IX. Tätigkeitsbericht des Landesbeauftragten für den Datenschutz Sachsen-Anhalt vom 01.04.2007 - 31.03.2009
12.1. Elektronische Gesundheitskarte
Eigentlich soll sie "ausrollen", die elektronische Gesundheitskarte (vgl. hierzu VII. Tätigkeitsbericht, Ziff. 10.2, VIII. Tätigkeitsbericht, Ziff. 10.1). Doch trotz jahrelanger Planungen und Tests sind immer wieder Probleme zu lösen.
So musste z. B. während der Tests festgestellt werden, dass die Handhabbarkeit der persönlichen Identifikationsnummer (PIN) für Ärzte und Patienten mehr als fraglich ist. Es handelt sich um eine sechsstellige Patienten-PIN, die innerhalb eines bestimmten Zeitraumes eingegeben werden muss. Vor allem ältere und behinderte Patienten haben Probleme bei der Eingabe.
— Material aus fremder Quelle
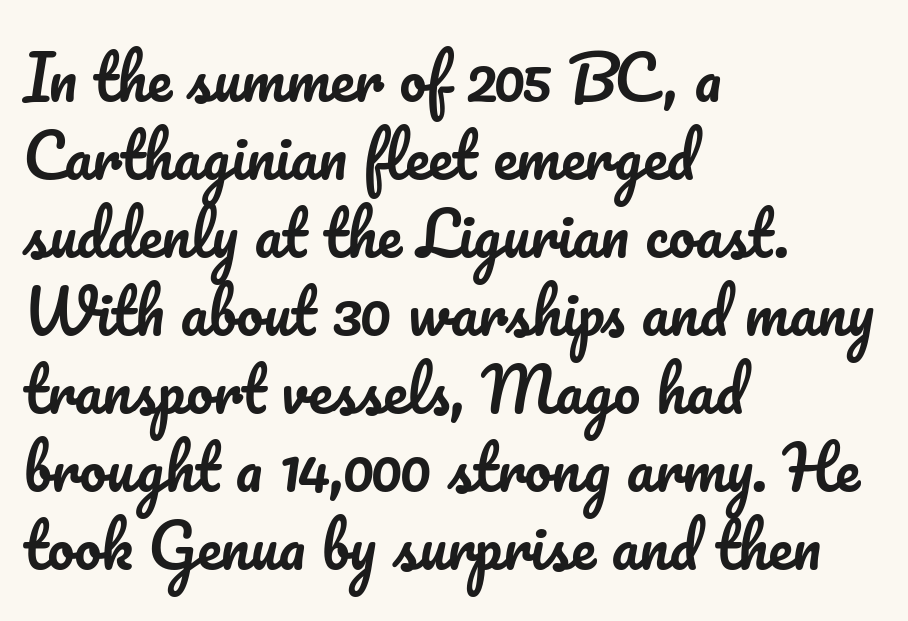
Q: Is the text italic (slanted)? A: Yes.
Q: Is the text underlined? A: No.
Q: How is the paragraph aligned? A: Left-aligned.
Q: Is the spacing between letters normal or unusually wide? A: Normal.
Q: Is the spacing between lines tight, normal or loose? A: Normal.
Q: Width (condensed, normal, or wide)? A: Normal.
Q: Stroke contrast? A: Low.
Q: x-height? A: Small.
Q: Monospaced? A: No.
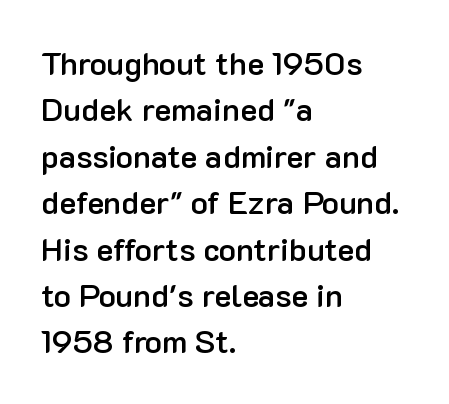
The image shows 32 px semibold sans-serif type, upright; set left-aligned, normal line spacing (1.45x), normal letter spacing, not underlined; low stroke contrast and a medium x-height.

Gerade jedoch mit der PIN-Eingabe verwirklicht der Patient sein informationelles Selbstbestimmungsrecht, da er auf diese Weise seine Einwilligung gibt, dass der Arzt auf seine Daten zugreifen darf.
Nun werden Lösungen diskutiert, um auch für diese betroffenen Patienten die Beteiligung unter Wahrung des Datenschutzes zu gewährleisten. Eine denkbare Variante ist, dass der behandelnde Arzt treuhänderisch für den Patienten dessen PIN am Kartenlesegerät eintippt. Damit bleibt das PIN-Geheimnis durch die ärztliche Schweigepflicht gewahrt. Doch handelt es sich bei einem Arzt um einen am Verfahren Beteiligten, der auch aus eigenem Interesse handelt und dessen Zugriff ermöglicht wird. Daher wird auch vertreten, dass der Treuhänder kein Beteiligter sein sollte.
Gegenstand datenschutzrechtlicher Erörterungen sind u. a. weiterhin Fragen der Zertifizierung von Primärsystemen der Leistungserbringer oder die Ausgestaltung der Anforderungen an das Foto auf der Karte. Da in Sachsen-Anhalt keine Testregion liegt, ist der Landesbeauftragte lediglich über die Beratungen mit den Datenschutzbeauftragten des Bundes und der Länder in die Begleitung einbezogen.